MIC and MBC of antimicrobial compounds were determined according to clinic and Laboratory Standard Institution (CLSI) guidelines (47). In brief, stock solutions (MccJ25 1 μg/mL, pediocin PA-1 12 μg/mL, reuterin 15 μg/mL, citric acid 50% wt/vol, lactic acid 50% vol/vol) were prepared for each antimicrobial compound using sterile distilled water. In a sterile flat-bottom 96-well polystyrene microtiter plate, a 2-fold serial dilution of each compound (125 μL) was performed in 125 μL of appropriate medium. Target strains were subcultured from an overnight grown culture and allowed to grow to an optical density OD595 of ∼ 0.5, diluted in an appropriate medium to a final concentration of 105 CFU/mL and 50 μL was added to each well. After incubation, optical densities at 595 nm (OD595) were measured (Infinite M200, Tecan, Switzerland), and MIC was noted as the lowest concentration of antimicrobials with less than 90% growth compared to control based on optical density measurement. Growth curves were obtained spectrophotometrically using (Infinite M200, Tecan, Switzerland); OD595 was measured at a different time interval for 24 h.
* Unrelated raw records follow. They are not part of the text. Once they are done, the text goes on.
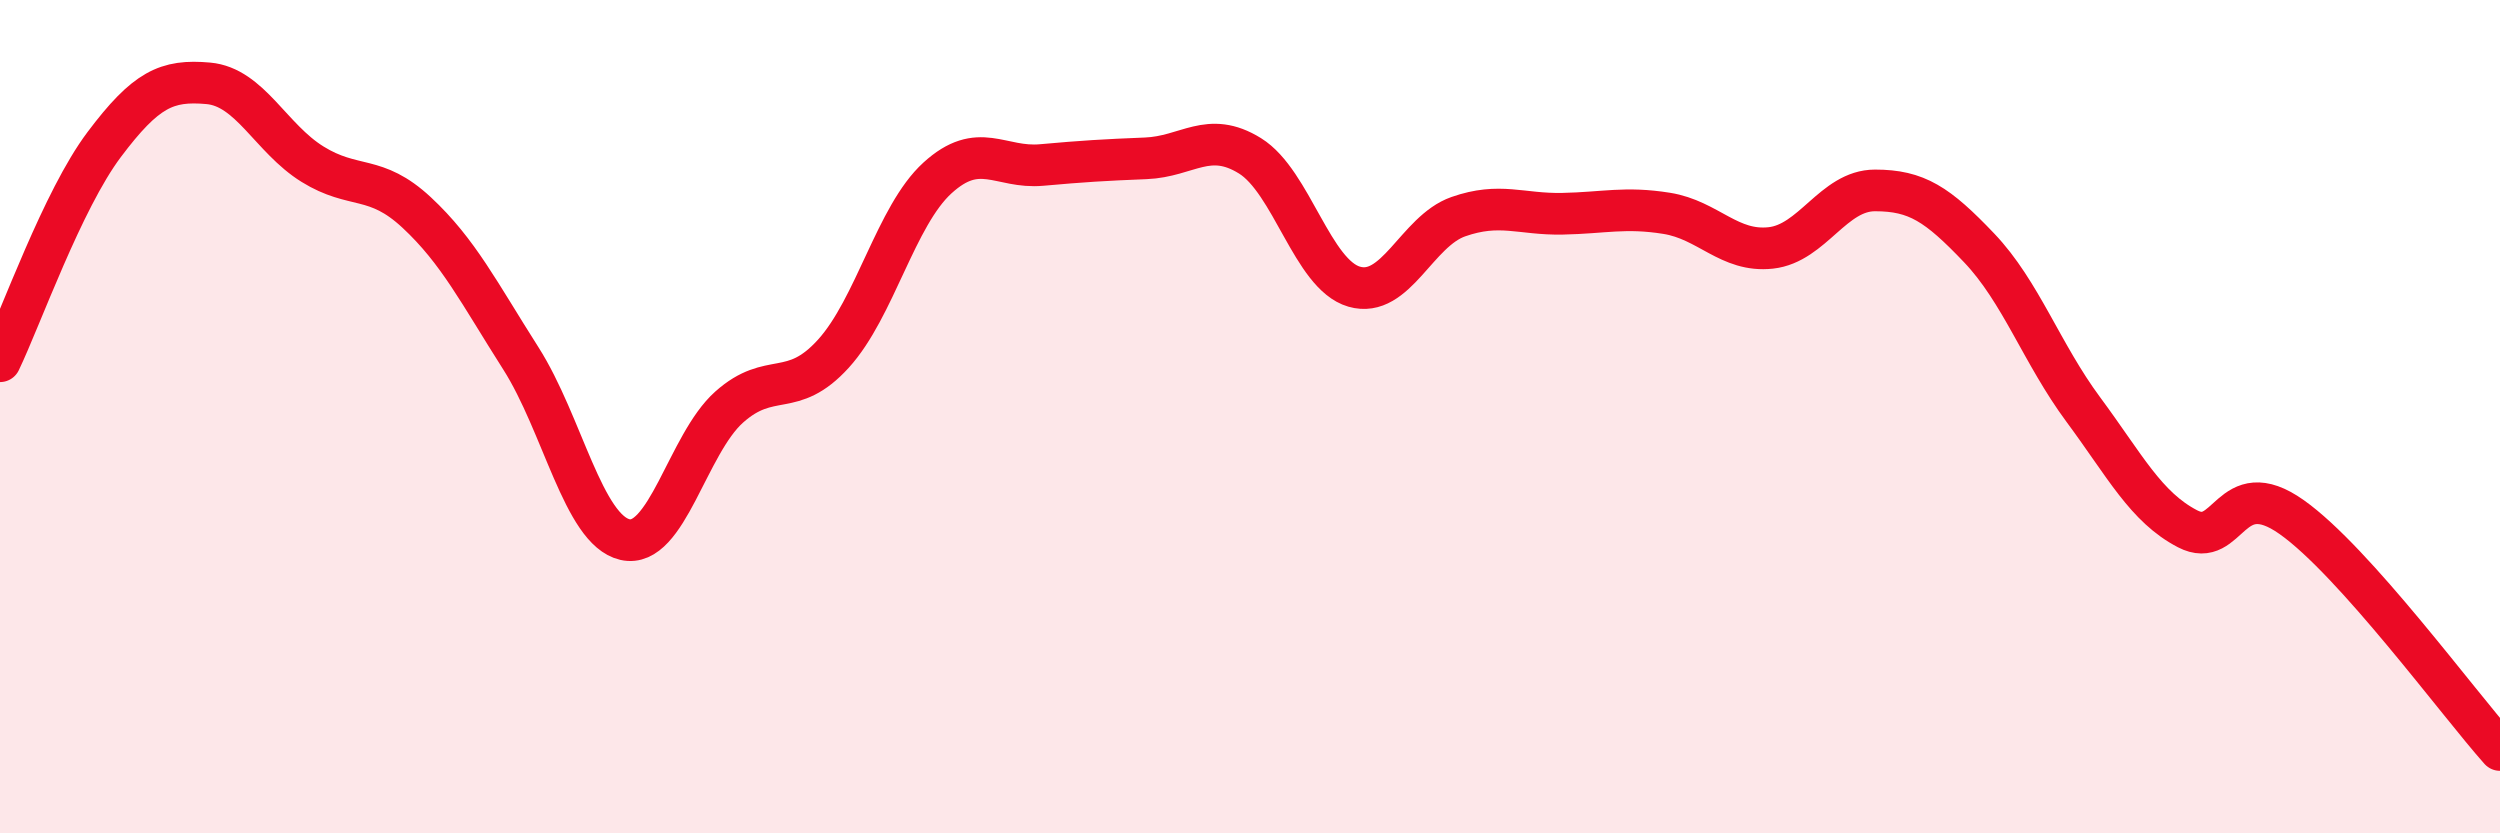 
    <svg width="60" height="20" viewBox="0 0 60 20" xmlns="http://www.w3.org/2000/svg">
      <path
        d="M 0,8.67 C 0.5,7.63 1.5,4.8 2.5,3.47 C 3.5,2.14 4,1.91 5,2 C 6,2.09 6.5,3.32 7.5,3.94 C 8.5,4.56 9,4.17 10,5.1 C 11,6.03 11.5,7.03 12.5,8.6 C 13.5,10.17 14,12.72 15,12.95 C 16,13.18 16.5,10.66 17.5,9.77 C 18.5,8.88 19,9.59 20,8.49 C 21,7.39 21.5,5.18 22.5,4.27 C 23.5,3.36 24,4.05 25,3.96 C 26,3.87 26.5,3.84 27.5,3.8 C 28.5,3.76 29,3.12 30,3.74 C 31,4.36 31.5,6.59 32.5,6.88 C 33.5,7.17 34,5.55 35,5.2 C 36,4.85 36.5,5.15 37.5,5.13 C 38.5,5.11 39,4.96 40,5.12 C 41,5.28 41.5,6.06 42.5,5.95 C 43.5,5.84 44,4.57 45,4.57 C 46,4.57 46.5,4.9 47.5,5.95 C 48.5,7 49,8.48 50,9.83 C 51,11.18 51.5,12.17 52.5,12.69 C 53.5,13.21 53.5,11.35 55,12.41 C 56.5,13.47 59,16.88 60,18L60 20L0 20Z"
        fill="#EB0A25"
        opacity="0.1"
        stroke-linecap="round"
        stroke-linejoin="round"
      />
      <path
        d="M 0,8.67 C 0.5,7.63 1.5,4.8 2.5,3.47 C 3.5,2.14 4,1.91 5,2 C 6,2.09 6.5,3.32 7.5,3.94 C 8.5,4.56 9,4.17 10,5.1 C 11,6.03 11.5,7.03 12.5,8.6 C 13.5,10.17 14,12.72 15,12.95 C 16,13.18 16.5,10.66 17.5,9.77 C 18.5,8.88 19,9.59 20,8.49 C 21,7.39 21.5,5.18 22.5,4.27 C 23.5,3.36 24,4.05 25,3.96 C 26,3.87 26.5,3.84 27.5,3.8 C 28.5,3.76 29,3.12 30,3.74 C 31,4.36 31.5,6.59 32.5,6.88 C 33.5,7.17 34,5.55 35,5.2 C 36,4.85 36.5,5.15 37.5,5.13 C 38.5,5.11 39,4.96 40,5.12 C 41,5.28 41.5,6.06 42.5,5.95 C 43.5,5.84 44,4.57 45,4.57 C 46,4.57 46.5,4.9 47.5,5.95 C 48.5,7 49,8.48 50,9.83 C 51,11.18 51.5,12.17 52.5,12.69 C 53.5,13.21 53.5,11.35 55,12.41 C 56.5,13.47 59,16.88 60,18"
        stroke="#EB0A25"
        stroke-width="1"
        fill="none"
        stroke-linecap="round"
        stroke-linejoin="round"
      />
    </svg>

For MBCs determination, 10 μl was withdrawn from each clear well, showing complete inhibition of the tested strain, plated on agar medium and incubated under the same condition as the previous test. MBCs were determined as the lowest concentration from which the number of colonies on a subculture plate was less than 0.1% of the initial inoculum (indicating 99.9% or more killing and bactericidal effect has been achieved).

Checkerboard/FIC assay.

For the FIC index experiment, a combination of two different antimicrobials (e.g., A and B) was determined, and then the combination of three was determined. On the basis of the MIC value of each antimicrobial compound against a specific strain, a 2-fold serial dilution of compound A was made horizontally in broth medium in a 96-well microtiter plate, starting at a concentration of 32 times the MIC. For compound B, a similar serial dilution was prepared vertically starting at eight times the MIC, and 50 μL of compound B was transferred to the original microplate containing a solution of compound A. Bacterial strain was added as described in the MIC assay, and plates were incubated under acquired conditions. The FIC index was calculated by the following equation: FIC = FIC A + FIC B = (A/MICA) + (B/MICB). A is the minimum concentration of antimicrobial A used in combination with another to achieve the antimicrobial effect, and MICA is the MIC of compound A alone against target strain. FIC index data were interpreted as follows: FIC ≤ 0.5 is synergy, 0.5 < FIC ≤ 0.75 is partially synergy, 0.75 < FIC ≤ 1 is additive, and FIC > 1 is indifferent and FIC > 4 is antagonistic. All compounds were initially analyzed in two combinations. Depending on their FIC concentrations, three combinations were analyzed where A and B were considered in a mixture as one compound, and their FIC concentration was considered their new MICs together. They were analyzed with compound C as three combinations.

Statistical analysis.

All the experiments were carried in triplicate, and data were analyzed using a data analysis tool in Excel 365 (Microsoft, WA, USA). Statistical analyses were performed by on-way analysis of variance (ANOVA) with Tukey’s t test using GraphPad Prism 8 (GraphPad Software, San Diego, CA, USA). Also, growth curves were fitted using GraphPad Prism 8.